Нет. Мысли гадкие, грязные, от образа Агаты рикошетом отскакивают. Ну не такая она, и всё тут. Что забыться пытается — верю. Даже упрекать не стану, сам виноват. Поигралась, и хватит. Раз мы теперь квиты, можно переступить и новую жизнь строить.
— Отвезёшь меня домой? — подаёт голос Лялька. Поворачиваюсь к ней. Дождь из мелкой мороси превратился в настоящий, затяжной.
— Сука ты, Лялечка.
Она пожимает плечами. Не спорит даже, хотя могла бы оправдаться. Шагает под козырёк, достаёт сигарету, прикуривает и говорит буднично так:
— А чего ты от меня ждал, Марик? Что буду, как жена декабриста, страдать и превозмогать? Перевёз, поменял нашу жизнь и бросил. Поджал хвост, как только жена узнала. Я не ждала, что ты с нами останешься, но даже духу не хватило в глаза сказать. Всё ещё считаешь себя львом? А я вижу облезлого кота.
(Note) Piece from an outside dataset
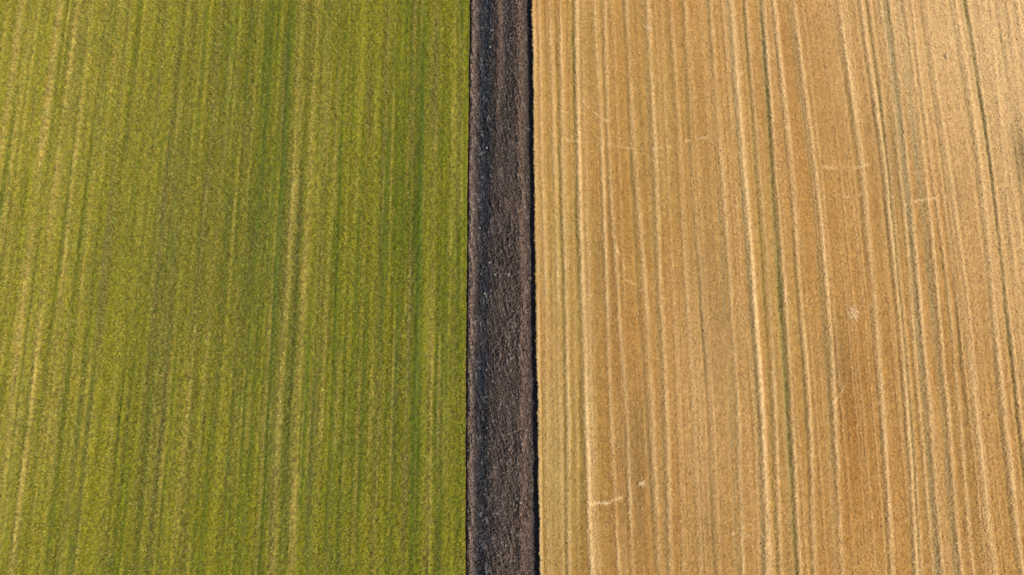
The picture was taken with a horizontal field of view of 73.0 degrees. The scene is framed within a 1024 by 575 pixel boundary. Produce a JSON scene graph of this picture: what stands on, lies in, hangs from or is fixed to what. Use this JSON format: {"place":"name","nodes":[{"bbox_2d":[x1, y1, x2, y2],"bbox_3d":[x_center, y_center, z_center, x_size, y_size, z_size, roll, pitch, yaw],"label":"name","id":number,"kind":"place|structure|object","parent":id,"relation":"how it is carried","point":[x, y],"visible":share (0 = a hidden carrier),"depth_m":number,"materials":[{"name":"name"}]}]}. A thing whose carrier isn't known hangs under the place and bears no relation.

И что я вообще в ней нашёл, понять не могу? Пизду молодую? Тогда голова шла кругом: дома дурдом, вечно орущая Каринка, измученная Агата, от которой одни глаза остались, тёща с советами, тесть с заебавшим: теперь нужен наследник… Я из дома бежал, возвращался без охоты, и когда Лялька появилась, показалось — вот она, нормальная жизнь. Та, что раньше была, когда нет пелёнок-распашонок, а тебя всегда с улыбкой встречают.
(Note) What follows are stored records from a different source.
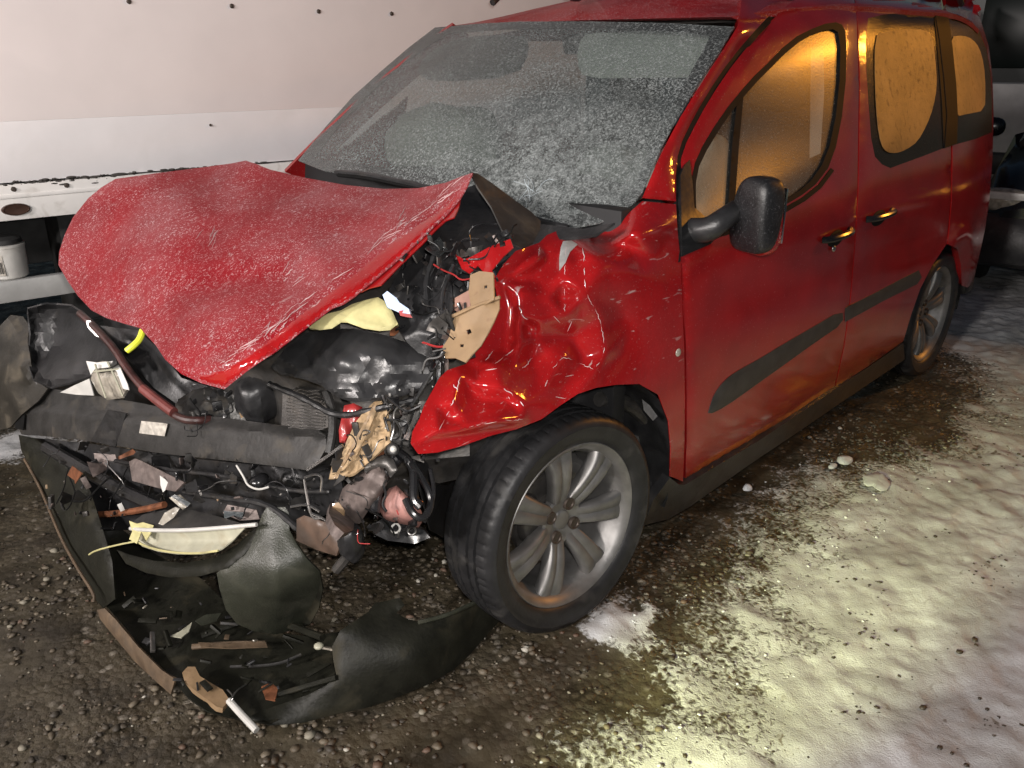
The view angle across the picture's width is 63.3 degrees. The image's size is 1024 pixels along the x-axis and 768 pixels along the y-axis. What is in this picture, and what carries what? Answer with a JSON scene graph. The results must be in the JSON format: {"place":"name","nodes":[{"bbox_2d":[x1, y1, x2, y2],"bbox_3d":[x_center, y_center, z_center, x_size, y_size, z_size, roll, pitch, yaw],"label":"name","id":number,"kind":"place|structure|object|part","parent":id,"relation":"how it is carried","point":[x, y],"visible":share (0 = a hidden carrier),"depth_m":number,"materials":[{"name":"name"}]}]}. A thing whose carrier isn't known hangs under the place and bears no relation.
{"place":"outdoors","nodes":[
{"label":"outdoors","id":0,"kind":"place"},
{"bbox_2d":[0,352,1004,767],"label":"gravel","id":1,"kind":"structure","parent":0,"point":[308,734],"depth_m":2.45,"materials":[{"name":"gravel"}]},
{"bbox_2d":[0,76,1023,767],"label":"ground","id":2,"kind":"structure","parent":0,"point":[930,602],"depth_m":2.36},
{"bbox_2d":[19,435,498,725],"bbox_3d":[-0.942,0.506,2.357,1.798,0.398,0.598,8,23,19],"label":"fallen bumper","id":3,"kind":"object","parent":2,"relation":"on","point":[375,654],"visible":0.92,"depth_m":2.23,"materials":[{"name":"plastic"}]},
{"bbox_2d":[171,623,191,637],"bbox_3d":[-0.903,0.683,2.295,0.032,0.005,0.071,13,25,30],"label":"shard","id":4,"kind":"object","parent":3,"relation":"on","point":[182,633],"visible":1,"depth_m":2.29,"materials":[{"name":"plastic"}]},
{"bbox_2d":[195,613,220,625],"bbox_3d":[-0.853,0.663,2.345,0.046,0.005,0.068,20,29,40],"label":"shard","id":5,"kind":"object","parent":3,"relation":"on","point":[206,619],"visible":1,"depth_m":2.34,"materials":[{"name":"grey plastic"}]},
{"bbox_2d":[182,667,259,732],"bbox_3d":[-0.718,0.775,2.071,0.294,0.048,0.091,11,25,27],"label":"broken bracket","id":6,"kind":"object","parent":3,"relation":"on","point":[216,698],"visible":0.95,"depth_m":2.05,"materials":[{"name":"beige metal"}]},
{"bbox_2d":[198,641,267,648],"bbox_3d":[-0.754,0.705,2.240,0.192,0.006,0.028,-1,22,-2],"label":"trim strip","id":7,"kind":"object","parent":3,"relation":"on","point":[257,644],"depth_m":2.24,"materials":[{"name":"black plastic"}]},
{"bbox_2d":[261,684,277,700],"bbox_3d":[-0.602,0.770,2.075,0.036,0.006,0.071,-11,24,-25],"label":"fragment","id":8,"kind":"object","parent":3,"relation":"on","point":[270,693],"visible":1,"depth_m":2.07,"materials":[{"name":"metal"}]},
{"bbox_2d":[217,507,323,633],"bbox_3d":[-0.629,0.527,2.168,0.244,0.423,0.151,-11,24,-25],"label":"splash shield","id":9,"kind":"object","parent":3,"relation":"on","point":[270,581],"visible":0.98,"depth_m":2.13,"materials":[{"name":"grey plastic"}]},
{"bbox_2d":[0,0,585,317],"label":"box trailer","id":10,"kind":"object","parent":2,"relation":"on","point":[96,95],"visible":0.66,"depth_m":3.55,"materials":[{"name":"metal"}]},
{"bbox_2d":[0,234,28,279],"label":"plastic canister","id":11,"kind":"object","parent":10,"relation":"on","point":[13,260],"visible":1,"depth_m":3.34,"materials":[{"name":"plastic"}]},
{"bbox_3d":[-0.310,-3.001,5.319,0.030,2.700,2.400,-16,26,-34],"label":"rear door panel","id":12,"kind":"part","parent":10,"relation":"part of","materials":[{"name":"grey"}]},
{"bbox_2d":[0,0,993,632],"bbox_3d":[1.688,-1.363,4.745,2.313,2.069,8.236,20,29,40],"label":"wrecked car","id":13,"kind":"object","parent":2,"relation":"on","point":[564,358],"visible":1,"depth_m":2.44,"materials":[{"name":"red metal"}]},
{"bbox_2d":[88,495,257,554],"bbox_3d":[-0.926,0.417,2.256,0.628,0.249,0.106,10,24,25],"label":"broken headlamp","id":14,"kind":"object","parent":13,"relation":"attached to","point":[175,530],"visible":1,"depth_m":2.21,"materials":[{"name":"plastic"}]},
{"bbox_3d":[1.026,-0.598,2.969,0.382,1.534,1.849,14,26,31],"label":"front door","id":15,"kind":"part","parent":13,"relation":"part of","materials":[{"name":"red paint"}]},
{"bbox_3d":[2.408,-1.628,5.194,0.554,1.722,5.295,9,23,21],"label":"sliding door","id":16,"kind":"part","parent":13,"relation":"part of","materials":[{"name":"red paint"}]},
{"bbox_2d":[743,484,751,490],"bbox_3d":[0.885,0.386,3.114,0.032,0.019,0.041,20,29,40],"label":"snow lump","id":17,"kind":"object","parent":2,"relation":"on","point":[747,487],"visible":1,"depth_m":3.10,"materials":[{"name":"white snow"}]},
{"bbox_2d":[540,356,1020,767],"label":"snow crumbs","id":18,"kind":"object","parent":2,"relation":"on","point":[680,726],"visible":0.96,"depth_m":2.52,"materials":[{"name":"white snow"}]},
{"bbox_2d":[616,443,1023,766],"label":"grit","id":19,"kind":"object","parent":2,"relation":"on","point":[924,707],"visible":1,"depth_m":2.28,"materials":[{"name":"brown gravel"}]},
{"bbox_2d":[828,463,836,468],"bbox_3d":[1.266,0.322,3.277,0.026,0.013,0.046,20,29,40],"label":"snow lump","id":20,"kind":"object","parent":2,"relation":"on","point":[832,466],"visible":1,"depth_m":3.27,"materials":[{"name":"white snow"}]},
{"bbox_2d":[661,482,1018,757],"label":"dirt clods","id":21,"kind":"object","parent":2,"relation":"on","point":[846,644],"visible":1,"depth_m":2.36,"materials":[{"name":"brown soil"}]},
{"bbox_2d":[837,455,852,464],"bbox_3d":[1.330,0.300,3.320,0.054,0.021,0.066,20,29,40],"label":"snow lump","id":22,"kind":"object","parent":2,"relation":"on","point":[844,460],"visible":1,"depth_m":3.31,"materials":[{"name":"white snow"}]},
{"bbox_2d":[862,472,890,490],"bbox_3d":[1.393,0.365,3.164,0.110,0.016,0.148,20,29,40],"label":"snow lump","id":23,"kind":"object","parent":2,"relation":"on","point":[878,481],"visible":1,"depth_m":3.15,"materials":[{"name":"white snow"}]},
{"bbox_2d":[975,0,1023,176],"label":"white van","id":24,"kind":"object","parent":2,"relation":"on","point":[1002,21],"visible":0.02,"depth_m":8.33,"materials":[{"name":"paint"}]},
{"bbox_3d":[5.043,-3.486,8.177,0.760,0.700,0.040,13,25,30],"label":"window","id":25,"kind":"part","parent":24,"relation":"part of","materials":[{"name":"black glass"}]},
{"bbox_2d":[975,117,1023,277],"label":"dark parked car","id":26,"kind":"object","parent":2,"relation":"on","point":[1002,245],"visible":0.59,"depth_m":5.33,"materials":[{"name":"paint"}]}
]}

Каринка подросла, только спать по ночам стала, когда Лялька залетела. Это правда было её дело — оставлять ребёнка или нет. Раз случилось так, что её таблетки осечку дали, что теперь? Насильно на аборт бы тащить не стал, да и помогать помогал бы — не чужой ребёнок. К тому же младенчество Костика мимо прошло, мне самое приятное осталось: прилетай и смотри, как подрастает сын. Всё.
Каринка на глазах росла. Первые зубки, первые шаги, первые слова видел. Любовь к дочке не сразу появилась, сперва не мог понять, что этот новый человек и моя часть. С Костиком было проще, я к тому времени уже понял, что к чему. Но к Каринке нежность запредельная, а с Костика спрос больше, потому что парень.
Парень. Я сознательно запретил себе думать о будущем. Так проще, потому что, стоило заглянуть в глубину пиздеца, в которую себя загнал, и волосы на загривке дыбом становились. Разруливать надо как-то, а не получается. Не отрывается самолёт от взлётной полосы.
— Сама доберёшься, — говорю и иду к машине.
— Ну, кто бы сомневался! — летит в спину. — Может, мне Костику сказать, что папа долетался? Ну, а что ребёнку тебя ждать?
— А знаешь? — разворачиваюсь резко. — Если хочешь — так и скажи! Только я от него не отказывался и не собираюсь!